THE DATA =>

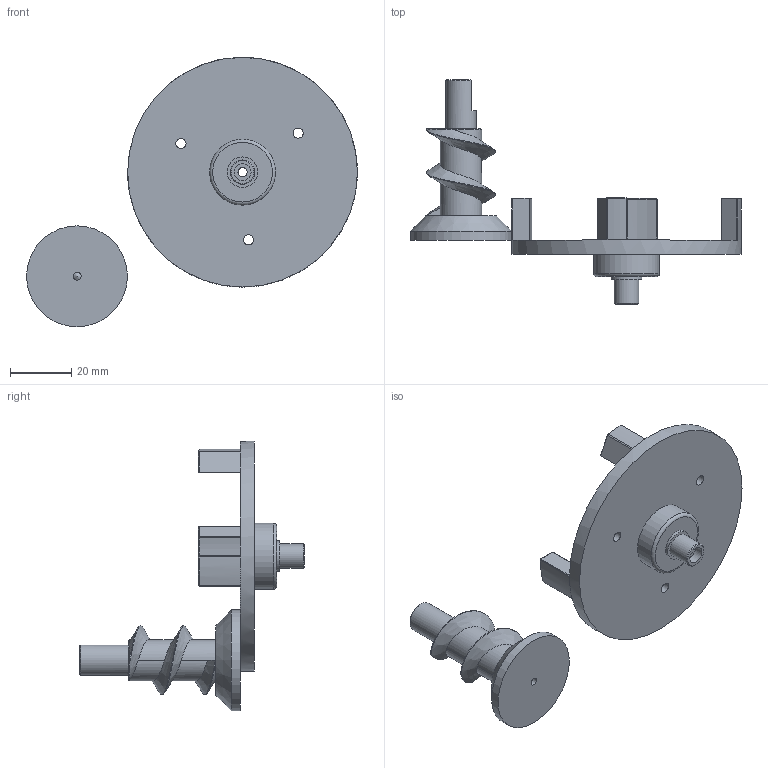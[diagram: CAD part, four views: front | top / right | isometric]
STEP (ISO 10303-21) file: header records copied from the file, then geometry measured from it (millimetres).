
FILE_DESCRIPTION(/* description */ (''),/* implementation_level */ '2;1');
FILE_NAME(/* name */ 'Outer spindle v20.step',/* time_stamp */ '2020-09-16T20:51:06-07:00',/* author */ (''),/* organization */ (''),/* preprocessor_version */ 'ST-DEVELOPER v18.1',/* originating_system */ 'Autodesk Translation Framework v9.3.0.1241',/* authorisation */ '');
FILE_SCHEMA (('AUTOMOTIVE_DESIGN { 1 0 10303 214 3 1 1 }'));
Length unit declared in the file: millimetre
Products named in the file (1): Outer spindle
Bounding box: 108.28 x 73.4 x 88.17 mm (x, y, z)
Volume: 36902.6 mm3; surface area: 18380.9 mm2
Topology: 2 solids, 2 shells, 116 faces, 257 edges, 154 vertices
Faces by surface type: plane 69, cylinder 25, cone 16, bspline 5, torus 1
Full cylindrical faces by diameter (mm): 2.529 x1, 3 x1, 3.332 x3, 4.75 x1, 5.55 x1, 8 x1, 10 x2, 13.5 x1, 21.55 x1, 33 x1, 51.9 x1, 75.2 x1
Entity records: 3810 total; most frequent: CARTESIAN_POINT 1289, ORIENTED_EDGE 510, DIRECTION 504, EDGE_CURVE 255, AXIS2_PLACEMENT_3D 183, VERTEX_POINT 154, LINE 138, VECTOR 138
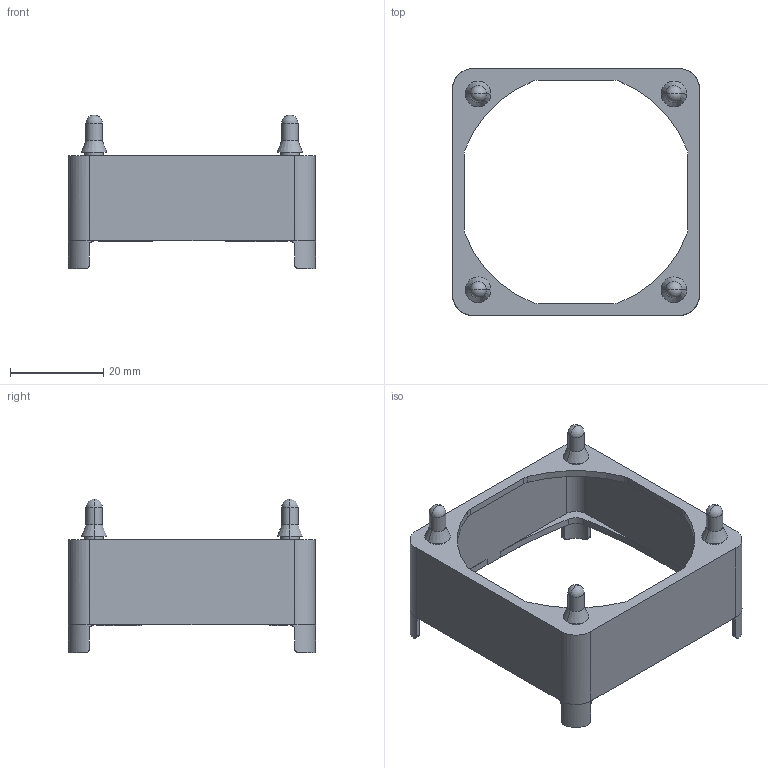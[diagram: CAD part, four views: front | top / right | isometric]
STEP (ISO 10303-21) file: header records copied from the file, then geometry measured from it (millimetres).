
FILE_DESCRIPTION((''),'2;1');
FILE_NAME('SLM-50-150-10-B42.stp','2012-04-16T15:39:43',(''),(''),'Mechanical Desktop.R8.0.24.0','Mechanical Desktop.R8.0.24.0',', , ');
FILE_SCHEMA(('CONFIG_CONTROL_DESIGN'));
Length unit declared in the file: millimetre
Products named in the file (2): SLM-50-150-10-B42A; SLM-50-150-10-B42
Assembly tree (1 placements, depth 2):
  SLM-50-150-10-B42A
    SLM-50-150-10-B42
Bounding box: 53 x 53 x 33 mm (x, y, z)
Volume: 6995.8 mm3; surface area: 9924.6 mm2
Topology: 1 solids, 1 shells, 1705 faces, 4821 edges, 3182 vertices
Faces by surface type: bspline 1271, plane 290, cylinder 108, sphere 24, cone 8, torus 4
Entity records: 62542 total; most frequent: CARTESIAN_POINT 27037, ORIENTED_EDGE 9594, EDGE_CURVE 4797, DIRECTION 3363, VERTEX_POINT 3182, B_SPLINE_CURVE_WITH_KNOTS 2558, VECTOR 1987, LINE 1987
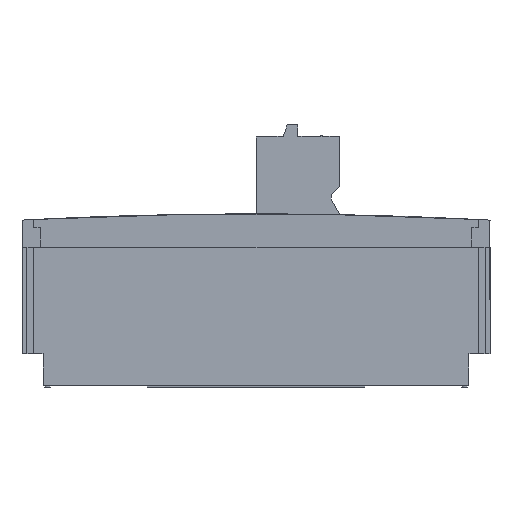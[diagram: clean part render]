
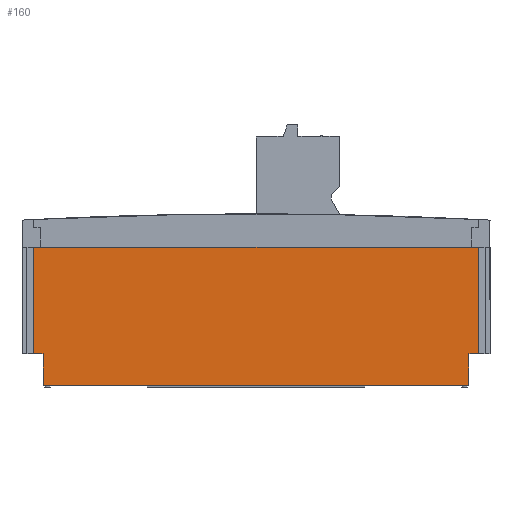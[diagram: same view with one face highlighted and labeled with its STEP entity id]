
A CAD part, left-side view. The second image highlights one B-rep face of the part: STEP entity #160.
In plain terms, the highlighted face is planar.
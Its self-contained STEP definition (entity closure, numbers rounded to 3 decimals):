
#131 = VERTEX_POINT ( 'NONE', #21757 ) ;
#134 = VERTEX_POINT ( 'NONE', #21813 ) ;
#135 = ORIENTED_EDGE ( 'NONE', *, *, #154, .T. ) ;
#136 = VERTEX_POINT ( 'NONE', #21812 ) ;
#137 = VERTEX_POINT ( 'NONE', #21811 ) ;
#139 = EDGE_CURVE ( 'NONE', #137, #136, #21810, .T. ) ;
#141 = EDGE_CURVE ( 'NONE', #136, #131, #21801, .T. ) ;
#144 = EDGE_LOOP ( 'NONE', ( #135, #185, #176, #165, #182, #155, #163, #169 ) ) ;
#148 = VERTEX_POINT ( 'NONE', #21788 ) ;
#151 = EDGE_CURVE ( 'NONE', #137, #134, #21786, .T. ) ;
#152 = EDGE_CURVE ( 'NONE', #180, #153, #21845, .T. ) ;
#153 = VERTEX_POINT ( 'NONE', #21841 ) ;
#154 = EDGE_CURVE ( 'NONE', #148, #134, #21840, .T. ) ;
#155 = ORIENTED_EDGE ( 'NONE', *, *, #152, .T. ) ;
#160 = ADVANCED_FACE ( 'NONE', ( #21829 ), #21828, .T. ) ;
#161 = EDGE_CURVE ( 'NONE', #153, #162, #21823, .T. ) ;
#162 = VERTEX_POINT ( 'NONE', #21819 ) ;
#163 = ORIENTED_EDGE ( 'NONE', *, *, #161, .T. ) ;
#165 = ORIENTED_EDGE ( 'NONE', *, *, #141, .T. ) ;
#167 = EDGE_CURVE ( 'NONE', #148, #162, #21817, .T. ) ;
#169 = ORIENTED_EDGE ( 'NONE', *, *, #167, .F. ) ;
#176 = ORIENTED_EDGE ( 'NONE', *, *, #139, .T. ) ;
#180 = VERTEX_POINT ( 'NONE', #21904 ) ;
#182 = ORIENTED_EDGE ( 'NONE', *, *, #183, .T. ) ;
#183 = EDGE_CURVE ( 'NONE', #131, #180, #21902, .T. ) ;
#185 = ORIENTED_EDGE ( 'NONE', *, *, #151, .F. ) ;
#21757 = CARTESIAN_POINT ( 'NONE',  ( -40.752, 0., -2.107 ) ) ;
#21783 = DIRECTION ( 'NONE',  ( 0., 1., 0. ) ) ;
#21784 = VECTOR ( 'NONE', #21783, 1000. ) ;
#21785 = CARTESIAN_POINT ( 'NONE',  ( -42.452, 5.95, -2.107 ) ) ;
#21786 = LINE ( 'NONE', #21785, #21784 ) ;
#21788 = CARTESIAN_POINT ( 'NONE',  ( 37.948, 25., -2.107 ) ) ;
#21798 = DIRECTION ( 'NONE',  ( 0., -1., 0. ) ) ;
#21799 = VECTOR ( 'NONE', #21798, 1000. ) ;
#21800 = CARTESIAN_POINT ( 'NONE',  ( -40.752, 5.75, -2.107 ) ) ;
#21801 = LINE ( 'NONE', #21800, #21799 ) ;
#21807 = DIRECTION ( 'NONE',  ( 1., 0., 0. ) ) ;
#21808 = VECTOR ( 'NONE', #21807, 1000. ) ;
#21809 = CARTESIAN_POINT ( 'NONE',  ( -44.552, 5.75, -2.107 ) ) ;
#21810 = LINE ( 'NONE', #21809, #21808 ) ;
#21811 = CARTESIAN_POINT ( 'NONE',  ( -42.452, 5.75, -2.107 ) ) ;
#21812 = CARTESIAN_POINT ( 'NONE',  ( -40.752, 5.75, -2.107 ) ) ;
#21813 = CARTESIAN_POINT ( 'NONE',  ( -42.452, 25., -2.107 ) ) ;
#21814 = DIRECTION ( 'NONE',  ( 0., -1., 0. ) ) ;
#21815 = VECTOR ( 'NONE', #21814, 1000. ) ;
#21816 = CARTESIAN_POINT ( 'NONE',  ( 37.948, 5.95, -2.107 ) ) ;
#21817 = LINE ( 'NONE', #21816, #21815 ) ;
#21819 = CARTESIAN_POINT ( 'NONE',  ( 37.948, 5.75, -2.107 ) ) ;
#21820 = DIRECTION ( 'NONE',  ( 1., 0., 0. ) ) ;
#21821 = VECTOR ( 'NONE', #21820, 1000. ) ;
#21822 = CARTESIAN_POINT ( 'NONE',  ( 36.248, 5.75, -2.107 ) ) ;
#21823 = LINE ( 'NONE', #21822, #21821 ) ;
#21824 = DIRECTION ( 'NONE',  ( -1., 0., 0. ) ) ;
#21825 = DIRECTION ( 'NONE',  ( 0., 0., 1. ) ) ;
#21826 = CARTESIAN_POINT ( 'NONE',  ( 4.423, 5.95, -2.107 ) ) ;
#21827 = AXIS2_PLACEMENT_3D ( 'NONE', #21826, #21825, #21824 ) ;
#21828 = PLANE ( 'NONE',  #21827 ) ;
#21829 = FACE_OUTER_BOUND ( 'NONE', #144, .T. ) ;
#21837 = DIRECTION ( 'NONE',  ( -1., 0., 0. ) ) ;
#21838 = VECTOR ( 'NONE', #21837, 1000. ) ;
#21839 = CARTESIAN_POINT ( 'NONE',  ( 4.423, 25., -2.107 ) ) ;
#21840 = LINE ( 'NONE', #21839, #21838 ) ;
#21841 = CARTESIAN_POINT ( 'NONE',  ( 36.248, 5.75, -2.107 ) ) ;
#21842 = DIRECTION ( 'NONE',  ( 0., 1., 0. ) ) ;
#21843 = VECTOR ( 'NONE', #21842, 1000. ) ;
#21844 = CARTESIAN_POINT ( 'NONE',  ( 36.248, 0., -2.107 ) ) ;
#21845 = LINE ( 'NONE', #21844, #21843 ) ;
#21899 = DIRECTION ( 'NONE',  ( 1., 0., 0. ) ) ;
#21900 = VECTOR ( 'NONE', #21899, 1000. ) ;
#21901 = CARTESIAN_POINT ( 'NONE',  ( 36.248, 0., -2.107 ) ) ;
#21902 = LINE ( 'NONE', #21901, #21900 ) ;
#21904 = CARTESIAN_POINT ( 'NONE',  ( 36.248, 0., -2.107 ) ) ;

TO DO => The first line of the entries, the line containing "FILE_DESCRIPTION((''),'2;1');", and every line between them are to be output exactly; pictures are not.

EXERCISE OUTPUT =>
[diagram: CAD part, four views: front | top / right | isometric]
STEP (ISO 10303-21) file: header records copied from the file, then geometry measured from it (millimetres).
FILE_DESCRIPTION(/* description */ (''),/* implementation_level */ '2;1');
FILE_NAME(/* name */ 'Outer spindle v20.step',/* time_stamp */ '2020-09-16T20:51:06-07:00',/* author */ (''),/* organization */ (''),/* preprocessor_version */ 'ST-DEVELOPER v18.1',/* originating_system */ 'Autodesk Translation Framework v9.3.0.1241',/* authorisation */ '');
FILE_SCHEMA (('AUTOMOTIVE_DESIGN { 1 0 10303 214 3 1 1 }'));
Length unit declared in the file: millimetre
Products named in the file (1): Outer spindle
Bounding box: 108.28 x 73.4 x 88.17 mm (x, y, z)
Volume: 36902.6 mm3; surface area: 18380.9 mm2
Topology: 2 solids, 2 shells, 116 faces, 257 edges, 154 vertices
Faces by surface type: plane 69, cylinder 25, cone 16, bspline 5, torus 1
Full cylindrical faces by diameter (mm): 2.529 x1, 3 x1, 3.332 x3, 4.75 x1, 5.55 x1, 8 x1, 10 x2, 13.5 x1, 21.55 x1, 33 x1, 51.9 x1, 75.2 x1
Entity records: 3810 total; most frequent: CARTESIAN_POINT 1289, ORIENTED_EDGE 510, DIRECTION 504, EDGE_CURVE 255, AXIS2_PLACEMENT_3D 183, VERTEX_POINT 154, LINE 138, VECTOR 138
[diagram: CAD part, four views: front | top / right | isometric]
STEP (ISO 10303-21) file: header records copied from the file, then geometry measured from it (millimetres).
FILE_DESCRIPTION((''),'2;1');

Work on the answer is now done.